My personal opinion in regards to investing for those who aren't in the industry (and most that are), is to use ^ strategy and buy broad-based, low cost ETFs. The only things that you can control in investing are your asset allocation, your emotions and fees/taxes. ETFs are the best vehicle to manage all of these things and typically over long periods of time outperform any active strategies anyways. Stay away from bank funds. The classes of funds that you would access are designed to part you from your money with high costs and commissions to their sales people. Not only that, the funds banks recommend typically under-perform the market anyways so you're losing on all sides.
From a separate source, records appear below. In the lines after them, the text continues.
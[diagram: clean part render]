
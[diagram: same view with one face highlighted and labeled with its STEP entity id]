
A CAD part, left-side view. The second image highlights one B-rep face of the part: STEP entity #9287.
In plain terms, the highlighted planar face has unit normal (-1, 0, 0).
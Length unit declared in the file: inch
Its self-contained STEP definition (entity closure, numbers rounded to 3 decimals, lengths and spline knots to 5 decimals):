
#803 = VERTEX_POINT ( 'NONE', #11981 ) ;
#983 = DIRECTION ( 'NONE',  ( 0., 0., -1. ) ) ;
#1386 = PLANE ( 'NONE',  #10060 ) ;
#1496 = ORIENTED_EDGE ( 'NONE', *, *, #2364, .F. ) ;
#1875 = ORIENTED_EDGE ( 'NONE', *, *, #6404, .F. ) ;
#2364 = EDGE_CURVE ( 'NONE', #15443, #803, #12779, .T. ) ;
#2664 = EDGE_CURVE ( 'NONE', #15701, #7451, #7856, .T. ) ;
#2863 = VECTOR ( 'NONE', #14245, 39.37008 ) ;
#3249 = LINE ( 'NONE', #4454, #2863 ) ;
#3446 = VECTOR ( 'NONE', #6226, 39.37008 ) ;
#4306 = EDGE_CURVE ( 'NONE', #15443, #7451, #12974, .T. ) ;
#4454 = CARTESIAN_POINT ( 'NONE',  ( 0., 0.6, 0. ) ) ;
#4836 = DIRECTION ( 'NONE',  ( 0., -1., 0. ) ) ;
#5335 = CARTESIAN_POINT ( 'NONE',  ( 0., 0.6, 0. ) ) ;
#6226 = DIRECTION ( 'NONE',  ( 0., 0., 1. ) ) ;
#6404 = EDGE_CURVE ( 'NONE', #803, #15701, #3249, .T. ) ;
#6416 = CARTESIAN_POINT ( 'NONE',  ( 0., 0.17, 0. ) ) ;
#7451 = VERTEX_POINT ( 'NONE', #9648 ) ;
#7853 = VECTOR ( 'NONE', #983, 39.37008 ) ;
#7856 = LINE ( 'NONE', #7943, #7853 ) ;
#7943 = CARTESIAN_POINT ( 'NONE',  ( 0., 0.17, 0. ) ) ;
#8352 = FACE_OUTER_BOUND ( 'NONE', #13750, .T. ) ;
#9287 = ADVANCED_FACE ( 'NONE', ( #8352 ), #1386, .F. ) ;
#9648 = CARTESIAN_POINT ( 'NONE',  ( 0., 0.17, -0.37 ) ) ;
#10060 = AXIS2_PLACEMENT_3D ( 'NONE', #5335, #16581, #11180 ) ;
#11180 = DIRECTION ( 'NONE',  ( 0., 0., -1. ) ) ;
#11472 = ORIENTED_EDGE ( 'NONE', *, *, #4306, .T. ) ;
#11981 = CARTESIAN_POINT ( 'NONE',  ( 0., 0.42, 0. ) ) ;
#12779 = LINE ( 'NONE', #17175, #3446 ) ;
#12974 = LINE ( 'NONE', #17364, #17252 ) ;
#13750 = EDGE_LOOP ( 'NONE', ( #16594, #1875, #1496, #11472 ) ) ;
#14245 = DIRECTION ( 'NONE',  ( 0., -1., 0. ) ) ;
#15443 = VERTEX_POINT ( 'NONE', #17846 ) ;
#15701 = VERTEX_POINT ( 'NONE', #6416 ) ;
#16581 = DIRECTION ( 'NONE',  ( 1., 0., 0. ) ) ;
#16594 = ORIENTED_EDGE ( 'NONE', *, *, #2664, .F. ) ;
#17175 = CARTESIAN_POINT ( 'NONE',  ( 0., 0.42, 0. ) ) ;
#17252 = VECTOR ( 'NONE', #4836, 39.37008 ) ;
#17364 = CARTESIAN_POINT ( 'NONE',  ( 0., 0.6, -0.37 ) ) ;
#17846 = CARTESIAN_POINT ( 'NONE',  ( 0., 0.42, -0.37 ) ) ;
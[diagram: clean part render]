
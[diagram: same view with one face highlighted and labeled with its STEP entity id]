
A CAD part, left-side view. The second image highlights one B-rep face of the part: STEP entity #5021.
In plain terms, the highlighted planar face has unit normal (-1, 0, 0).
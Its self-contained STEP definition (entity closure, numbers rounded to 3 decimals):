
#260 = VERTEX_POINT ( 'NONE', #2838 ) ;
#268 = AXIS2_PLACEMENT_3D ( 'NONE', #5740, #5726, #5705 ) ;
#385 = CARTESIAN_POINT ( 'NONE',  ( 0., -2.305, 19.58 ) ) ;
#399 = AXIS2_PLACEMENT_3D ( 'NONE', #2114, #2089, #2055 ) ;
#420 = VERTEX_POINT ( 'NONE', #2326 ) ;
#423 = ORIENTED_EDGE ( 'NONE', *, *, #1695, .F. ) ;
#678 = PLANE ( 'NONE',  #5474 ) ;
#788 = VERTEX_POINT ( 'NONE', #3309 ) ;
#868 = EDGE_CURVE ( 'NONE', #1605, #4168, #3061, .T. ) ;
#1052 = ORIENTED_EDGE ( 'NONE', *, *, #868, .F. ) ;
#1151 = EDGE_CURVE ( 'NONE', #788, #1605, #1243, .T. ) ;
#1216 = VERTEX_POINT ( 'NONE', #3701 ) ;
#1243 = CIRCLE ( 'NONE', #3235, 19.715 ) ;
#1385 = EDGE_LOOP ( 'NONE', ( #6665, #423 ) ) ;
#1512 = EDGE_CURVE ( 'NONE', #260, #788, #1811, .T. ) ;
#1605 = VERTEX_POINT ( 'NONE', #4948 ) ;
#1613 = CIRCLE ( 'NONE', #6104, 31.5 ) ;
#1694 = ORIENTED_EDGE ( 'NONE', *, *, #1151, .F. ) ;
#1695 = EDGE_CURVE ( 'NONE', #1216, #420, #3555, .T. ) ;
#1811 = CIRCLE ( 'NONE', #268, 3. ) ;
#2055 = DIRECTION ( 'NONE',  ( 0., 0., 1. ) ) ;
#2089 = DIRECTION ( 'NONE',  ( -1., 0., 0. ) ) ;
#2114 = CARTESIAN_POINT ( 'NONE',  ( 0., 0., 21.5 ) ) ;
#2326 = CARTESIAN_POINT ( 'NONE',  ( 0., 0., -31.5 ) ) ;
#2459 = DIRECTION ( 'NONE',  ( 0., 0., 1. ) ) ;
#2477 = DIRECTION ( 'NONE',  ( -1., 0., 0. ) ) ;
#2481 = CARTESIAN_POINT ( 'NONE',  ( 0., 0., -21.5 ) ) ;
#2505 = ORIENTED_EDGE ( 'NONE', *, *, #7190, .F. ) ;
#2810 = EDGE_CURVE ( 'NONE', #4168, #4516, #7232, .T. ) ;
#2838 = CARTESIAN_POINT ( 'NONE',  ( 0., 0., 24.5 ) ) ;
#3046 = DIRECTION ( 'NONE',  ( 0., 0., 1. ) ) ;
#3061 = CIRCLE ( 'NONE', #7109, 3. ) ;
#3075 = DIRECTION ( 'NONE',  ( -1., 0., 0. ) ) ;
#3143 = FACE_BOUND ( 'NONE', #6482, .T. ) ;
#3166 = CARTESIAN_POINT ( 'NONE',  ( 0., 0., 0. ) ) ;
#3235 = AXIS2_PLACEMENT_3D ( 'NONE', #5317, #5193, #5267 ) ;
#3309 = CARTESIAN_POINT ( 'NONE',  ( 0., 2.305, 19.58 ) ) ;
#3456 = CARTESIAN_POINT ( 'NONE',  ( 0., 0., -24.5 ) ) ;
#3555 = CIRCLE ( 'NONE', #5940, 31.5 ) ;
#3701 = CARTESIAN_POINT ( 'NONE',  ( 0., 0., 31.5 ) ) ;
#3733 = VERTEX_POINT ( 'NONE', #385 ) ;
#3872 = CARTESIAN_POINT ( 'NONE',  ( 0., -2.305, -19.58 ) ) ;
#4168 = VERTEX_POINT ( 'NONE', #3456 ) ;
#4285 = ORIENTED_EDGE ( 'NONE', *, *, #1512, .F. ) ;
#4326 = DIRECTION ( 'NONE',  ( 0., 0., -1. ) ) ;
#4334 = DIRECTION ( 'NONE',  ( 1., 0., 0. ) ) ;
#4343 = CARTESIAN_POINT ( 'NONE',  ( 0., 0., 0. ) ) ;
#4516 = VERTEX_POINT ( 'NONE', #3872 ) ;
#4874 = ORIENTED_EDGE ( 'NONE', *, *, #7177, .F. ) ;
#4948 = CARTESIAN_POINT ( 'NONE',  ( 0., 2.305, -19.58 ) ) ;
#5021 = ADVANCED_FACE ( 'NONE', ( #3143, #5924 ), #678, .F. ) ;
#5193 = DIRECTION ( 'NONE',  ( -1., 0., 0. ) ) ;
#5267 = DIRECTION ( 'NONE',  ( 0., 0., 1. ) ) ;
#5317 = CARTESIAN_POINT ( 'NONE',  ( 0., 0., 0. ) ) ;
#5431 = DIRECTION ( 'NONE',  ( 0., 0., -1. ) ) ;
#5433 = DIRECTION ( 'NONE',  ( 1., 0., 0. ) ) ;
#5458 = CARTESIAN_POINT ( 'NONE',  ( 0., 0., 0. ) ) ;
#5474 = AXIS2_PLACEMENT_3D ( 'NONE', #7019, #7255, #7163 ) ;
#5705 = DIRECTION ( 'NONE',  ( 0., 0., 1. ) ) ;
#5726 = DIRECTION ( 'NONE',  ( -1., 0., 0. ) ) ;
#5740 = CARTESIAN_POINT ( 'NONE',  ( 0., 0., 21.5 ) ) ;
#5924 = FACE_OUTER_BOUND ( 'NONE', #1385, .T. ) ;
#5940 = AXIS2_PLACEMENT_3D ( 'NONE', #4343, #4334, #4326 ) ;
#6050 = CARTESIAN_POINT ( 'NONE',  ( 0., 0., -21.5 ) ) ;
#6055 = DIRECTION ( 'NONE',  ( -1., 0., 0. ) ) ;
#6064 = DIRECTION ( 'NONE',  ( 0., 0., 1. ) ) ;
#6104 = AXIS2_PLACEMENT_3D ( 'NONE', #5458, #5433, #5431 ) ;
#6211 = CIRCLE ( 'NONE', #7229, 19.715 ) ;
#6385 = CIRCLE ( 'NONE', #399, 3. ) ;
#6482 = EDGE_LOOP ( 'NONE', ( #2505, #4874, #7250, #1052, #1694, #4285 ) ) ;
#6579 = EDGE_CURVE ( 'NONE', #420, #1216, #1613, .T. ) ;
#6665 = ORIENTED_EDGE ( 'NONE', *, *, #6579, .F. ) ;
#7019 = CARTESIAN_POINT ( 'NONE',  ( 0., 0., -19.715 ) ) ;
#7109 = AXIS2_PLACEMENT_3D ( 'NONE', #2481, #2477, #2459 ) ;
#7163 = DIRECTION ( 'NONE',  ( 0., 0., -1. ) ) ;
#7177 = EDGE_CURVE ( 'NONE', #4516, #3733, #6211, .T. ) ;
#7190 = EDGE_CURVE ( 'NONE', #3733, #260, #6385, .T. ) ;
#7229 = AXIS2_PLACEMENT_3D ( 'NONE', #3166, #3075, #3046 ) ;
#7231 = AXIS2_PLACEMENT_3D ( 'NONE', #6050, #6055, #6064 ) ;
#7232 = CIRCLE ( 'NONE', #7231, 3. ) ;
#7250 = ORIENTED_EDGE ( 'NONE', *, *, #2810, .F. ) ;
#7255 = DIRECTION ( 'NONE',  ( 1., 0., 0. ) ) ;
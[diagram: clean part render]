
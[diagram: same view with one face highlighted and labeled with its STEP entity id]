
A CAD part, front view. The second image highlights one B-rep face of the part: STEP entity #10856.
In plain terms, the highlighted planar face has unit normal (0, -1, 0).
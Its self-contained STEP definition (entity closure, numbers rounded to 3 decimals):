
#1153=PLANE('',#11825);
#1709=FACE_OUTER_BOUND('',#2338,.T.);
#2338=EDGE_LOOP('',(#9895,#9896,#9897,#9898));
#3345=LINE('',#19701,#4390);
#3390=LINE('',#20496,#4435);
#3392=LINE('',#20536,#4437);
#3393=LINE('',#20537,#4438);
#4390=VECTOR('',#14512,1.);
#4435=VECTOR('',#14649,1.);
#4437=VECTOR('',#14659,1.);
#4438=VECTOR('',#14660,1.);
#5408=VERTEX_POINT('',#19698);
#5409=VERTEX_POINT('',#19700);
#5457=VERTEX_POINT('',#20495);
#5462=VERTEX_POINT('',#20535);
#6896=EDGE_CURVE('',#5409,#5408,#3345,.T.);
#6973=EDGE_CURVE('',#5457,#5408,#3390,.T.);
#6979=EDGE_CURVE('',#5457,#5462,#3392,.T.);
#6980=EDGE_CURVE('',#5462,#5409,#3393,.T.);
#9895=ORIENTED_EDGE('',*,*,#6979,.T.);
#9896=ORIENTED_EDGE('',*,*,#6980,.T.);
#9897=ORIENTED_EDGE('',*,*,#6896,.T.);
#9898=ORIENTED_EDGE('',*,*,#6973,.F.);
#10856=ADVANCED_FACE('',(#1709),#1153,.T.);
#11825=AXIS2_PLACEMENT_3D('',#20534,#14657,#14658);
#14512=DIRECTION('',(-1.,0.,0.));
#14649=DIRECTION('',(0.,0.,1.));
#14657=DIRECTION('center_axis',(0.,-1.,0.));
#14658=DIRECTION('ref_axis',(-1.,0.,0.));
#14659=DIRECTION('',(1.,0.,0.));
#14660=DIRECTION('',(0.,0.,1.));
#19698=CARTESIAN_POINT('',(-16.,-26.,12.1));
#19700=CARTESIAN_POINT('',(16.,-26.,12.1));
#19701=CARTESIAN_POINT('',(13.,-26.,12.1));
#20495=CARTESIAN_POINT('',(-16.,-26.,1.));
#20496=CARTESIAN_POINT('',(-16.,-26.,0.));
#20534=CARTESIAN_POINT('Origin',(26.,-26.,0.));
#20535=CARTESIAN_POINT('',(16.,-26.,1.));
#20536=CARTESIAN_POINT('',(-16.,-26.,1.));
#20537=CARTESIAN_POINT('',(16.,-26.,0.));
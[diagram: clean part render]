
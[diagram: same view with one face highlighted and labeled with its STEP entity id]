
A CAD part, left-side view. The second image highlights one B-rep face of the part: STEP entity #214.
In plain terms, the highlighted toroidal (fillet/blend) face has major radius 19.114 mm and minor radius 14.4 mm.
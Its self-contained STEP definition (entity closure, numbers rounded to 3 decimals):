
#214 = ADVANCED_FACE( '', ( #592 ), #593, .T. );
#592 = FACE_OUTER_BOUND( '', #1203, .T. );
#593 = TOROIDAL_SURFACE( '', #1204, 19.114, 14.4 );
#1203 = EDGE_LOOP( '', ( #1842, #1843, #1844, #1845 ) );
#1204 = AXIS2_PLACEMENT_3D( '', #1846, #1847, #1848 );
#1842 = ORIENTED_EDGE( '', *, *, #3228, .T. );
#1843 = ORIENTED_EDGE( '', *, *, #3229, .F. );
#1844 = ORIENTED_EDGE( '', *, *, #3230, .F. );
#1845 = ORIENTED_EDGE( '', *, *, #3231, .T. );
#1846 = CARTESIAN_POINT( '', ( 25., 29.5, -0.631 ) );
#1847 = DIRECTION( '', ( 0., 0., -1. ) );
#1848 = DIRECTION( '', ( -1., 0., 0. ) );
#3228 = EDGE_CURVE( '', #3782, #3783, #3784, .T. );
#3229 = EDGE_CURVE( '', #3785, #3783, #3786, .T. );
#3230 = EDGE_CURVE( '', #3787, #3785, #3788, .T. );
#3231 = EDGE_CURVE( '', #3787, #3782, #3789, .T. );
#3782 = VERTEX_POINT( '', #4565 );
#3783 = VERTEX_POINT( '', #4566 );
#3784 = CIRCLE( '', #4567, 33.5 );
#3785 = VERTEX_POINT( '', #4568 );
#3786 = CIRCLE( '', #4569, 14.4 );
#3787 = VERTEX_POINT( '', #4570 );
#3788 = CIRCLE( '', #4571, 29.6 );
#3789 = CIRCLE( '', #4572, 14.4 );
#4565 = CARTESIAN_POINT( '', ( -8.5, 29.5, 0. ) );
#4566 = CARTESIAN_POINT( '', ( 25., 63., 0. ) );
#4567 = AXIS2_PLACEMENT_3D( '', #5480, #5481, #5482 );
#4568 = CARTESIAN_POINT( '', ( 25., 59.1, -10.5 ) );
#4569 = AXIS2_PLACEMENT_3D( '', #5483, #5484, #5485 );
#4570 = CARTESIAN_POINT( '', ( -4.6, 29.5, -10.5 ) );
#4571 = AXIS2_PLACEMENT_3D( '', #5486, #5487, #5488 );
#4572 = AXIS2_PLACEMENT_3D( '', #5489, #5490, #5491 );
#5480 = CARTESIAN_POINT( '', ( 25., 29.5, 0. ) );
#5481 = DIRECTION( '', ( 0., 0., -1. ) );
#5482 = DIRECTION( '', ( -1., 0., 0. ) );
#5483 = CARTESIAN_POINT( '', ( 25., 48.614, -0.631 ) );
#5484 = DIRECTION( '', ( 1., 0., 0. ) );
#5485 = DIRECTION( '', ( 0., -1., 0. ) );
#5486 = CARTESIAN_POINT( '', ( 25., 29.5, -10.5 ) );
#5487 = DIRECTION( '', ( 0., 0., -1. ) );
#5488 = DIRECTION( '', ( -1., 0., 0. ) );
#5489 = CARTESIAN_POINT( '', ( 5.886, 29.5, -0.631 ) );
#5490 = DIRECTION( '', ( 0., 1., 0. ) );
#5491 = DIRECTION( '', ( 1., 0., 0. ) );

You can own direct stocks, but given that you're a rookie, and that even the pros have a hard time outperforming with access to the best research and teams of analysts, you are outgunned. You could get a broker to assist you obviously but how are you going to determine what to do when he/she calls you and says "hey, you should sell CP Rail and buy CN Rail"? The commissions-based system is designed with an obvious inherent conflict of interest in that the broker needs to generate trades to stay in business even if it's not in the best interest of their client. I saw someone post earlier in this thread that using a passive strategy is "leaving money on the table", I'd be really interested to hear the rational behind that for the average retail investor. Maybe leaving money on the table for the advisors who want to recommend higher cost products that under-perform.
Educate yourself, use Google. Look up ETFs, passive vs. active, asset allocation, modern portfolio theory.
EDIT: The poster above me is definitely the direction you want to go. And educate yourself along the way. Keep it simple.